The idea of ‘optimisation’ is basic to lots of things we do and to how we think. When driving from A to B, what is the optimum route? When we learn calculus for the first time, we quickly come to grips with the maximisation and minimisation of functions. This is professionalised within operational research. If you own a transport business, you have to plan a daily schedule of collections and deliveries. How do you allocate your fleet to miminise costs and hence to maximise profits for the day? In this case, the mathematics and the associated computer programmes exist and are well known – they will solve the problem for you. You have the information and you can control what happens. But suppose now that you are an economist and you want to describe, theorise about, or model human behaviour. Suppose you want to investigate the economics of the journey to work. This is another kind of scheduling problem except that in this case it involves a large number of individual decision makers. If we turn to the micro economics text books, we find the answer: define a utility function for individuals, and each can then maximise. In this case we run into problems: does each individual have all the relevant information? Does the economist have this? For the individual, all options need to be available on possible journeys – perfect information. The impossibility of this led Herbert Simon to the powerful concept of ‘satisficing’ rather than ‘maximising’. This was brilliant and shifts the modelling task to a probabilistic one (as well as being a realistic description of human behaviour – isn’t it what we all do?). Of course, economists responded to this too and associated probability distributions with the utility functions. This is more difficult to build into the basic economics’ text books, however. (And for this problem, there is an associated issue: space. The economists’ toolkit is usually seen as having micro or macro dimensions but when space needs to be added, we might think of the resulting scale as being ‘meso’. More adaptation needed.)
So the lesson to heed at this stage is that while ‘optimisation’ is a powerful concept and tool, it should be used with care and should be ‘blurred’ via the introduction of probability distributions – which makes everything more messy – when appropriate. Hence, we should ‘beware’. A related field to explore in this respect is the very fashionable agent-based models (ABM).

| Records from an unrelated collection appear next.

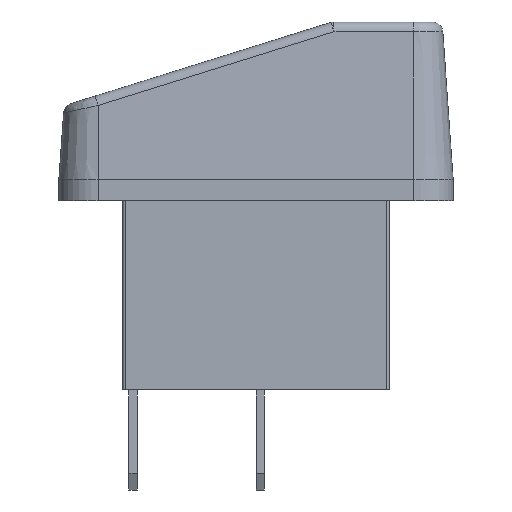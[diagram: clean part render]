
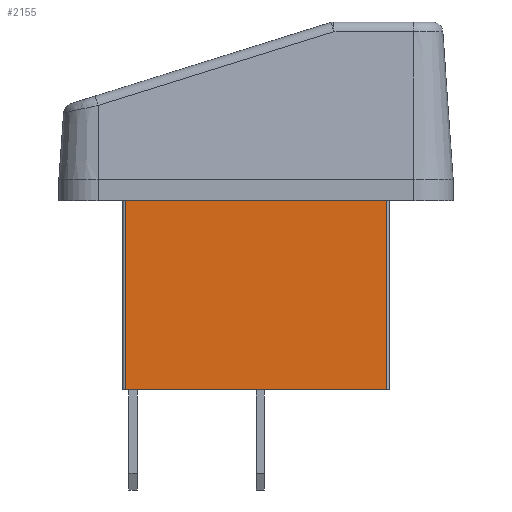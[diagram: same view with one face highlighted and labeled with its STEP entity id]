
A CAD part, front view. The second image highlights one B-rep face of the part: STEP entity #2155.
In plain terms, the highlighted face is planar.
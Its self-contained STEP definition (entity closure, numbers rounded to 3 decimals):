
#210=FACE_OUTER_BOUND('',#345,.T.);
#345=EDGE_LOOP('',(#1771,#1772,#1773,#1774));
#592=LINE('',#3708,#797);
#597=LINE('',#3723,#802);
#598=LINE('',#3725,#803);
#599=LINE('',#3726,#804);
#797=VECTOR('',#2870,10.);
#802=VECTOR('',#2885,10.);
#803=VECTOR('',#2888,10.);
#804=VECTOR('',#2889,10.);
#1009=VERTEX_POINT('',#3705);
#1010=VERTEX_POINT('',#3707);
#1012=VERTEX_POINT('',#3716);
#1015=VERTEX_POINT('',#3721);
#1271=EDGE_CURVE('',#1009,#1010,#592,.T.);
#1279=EDGE_CURVE('',#1015,#1012,#597,.T.);
#1280=EDGE_CURVE('',#1012,#1009,#598,.T.);
#1281=EDGE_CURVE('',#1015,#1010,#599,.T.);
#1771=ORIENTED_EDGE('',*,*,#1271,.F.);
#1772=ORIENTED_EDGE('',*,*,#1280,.F.);
#1773=ORIENTED_EDGE('',*,*,#1279,.F.);
#1774=ORIENTED_EDGE('',*,*,#1281,.T.);
#2035=PLANE('',#2397);
#2155=ADVANCED_FACE('',(#210),#2035,.T.);
#2397=AXIS2_PLACEMENT_3D('',#3724,#2886,#2887);
#2870=DIRECTION('',(0.,-1.,0.));
#2885=DIRECTION('',(0.,1.,0.));
#2886=DIRECTION('center_axis',(0.,0.,-1.));
#2887=DIRECTION('ref_axis',(-1.,0.,0.));
#2888=DIRECTION('',(-1.,0.,0.));
#2889=DIRECTION('',(-1.,0.,0.));
#3705=CARTESIAN_POINT('',(-12.446,20.042,-4.961));
#3707=CARTESIAN_POINT('',(-12.446,0.,-4.961));
#3708=CARTESIAN_POINT('',(-12.446,0.,-4.961));
#3716=CARTESIAN_POINT('',(12.446,20.042,-4.961));
#3721=CARTESIAN_POINT('',(12.446,0.,-4.961));
#3723=CARTESIAN_POINT('',(12.446,0.,-4.961));
#3724=CARTESIAN_POINT('Origin',(12.7,0.,-4.961));
#3725=CARTESIAN_POINT('',(12.7,20.042,-4.961));
#3726=CARTESIAN_POINT('',(12.7,0.,-4.961));

If individuals in an ABM are behaving according to ‘rules’, does the specification of these rules incorporate the necessary blurring? I know this can be done, and have done it, but is it always done? I suspect not.
There is a temptation to stick to simpler forms of optimisation because the associated mathematics and computer software is so attractive. This is particularly true of linear programming problems like the transport owner’s scheduling problem. A good example is the algorithm for the shortest path through a network which Dijkstra discovered in the 1950s. A great thing to have. In the early days of transport modelling this provided the basis for assigning origin-destination flows to networks – essentially assuming that all travellers
took the best route. Again, this proved too simple and eventually it became possible, from the early 1970s, though a shade more difficult, to calculate second best and third best routes, even the kth best route – and then the trips could allocated probabilistically. And then we have to recognise that much of the world is nonlinear. The mathematics of nonlinear optimisation is more tricky but huge progress has been made – and indeed one of the core methods dates back to Lagrange in the Eighteenth Century.
I have been lucky with my own work in all these respects because entropy-maximising is a branch of nonlinear optimisation which actually offers optimum blurring. It is possible to take a traditional economic model and to turn it into an optimally blurred and hence more realistic model by these means. Indeed, there is one remarkable mathematical result: that the nonlinear version of an equivalent of the scheduling problem transforms into the linear problem when one of the parameters becomes infinite.
Conclusion: different kinds of optimisation methods should be in the toolkit, but we should be wary about matching uses with reality!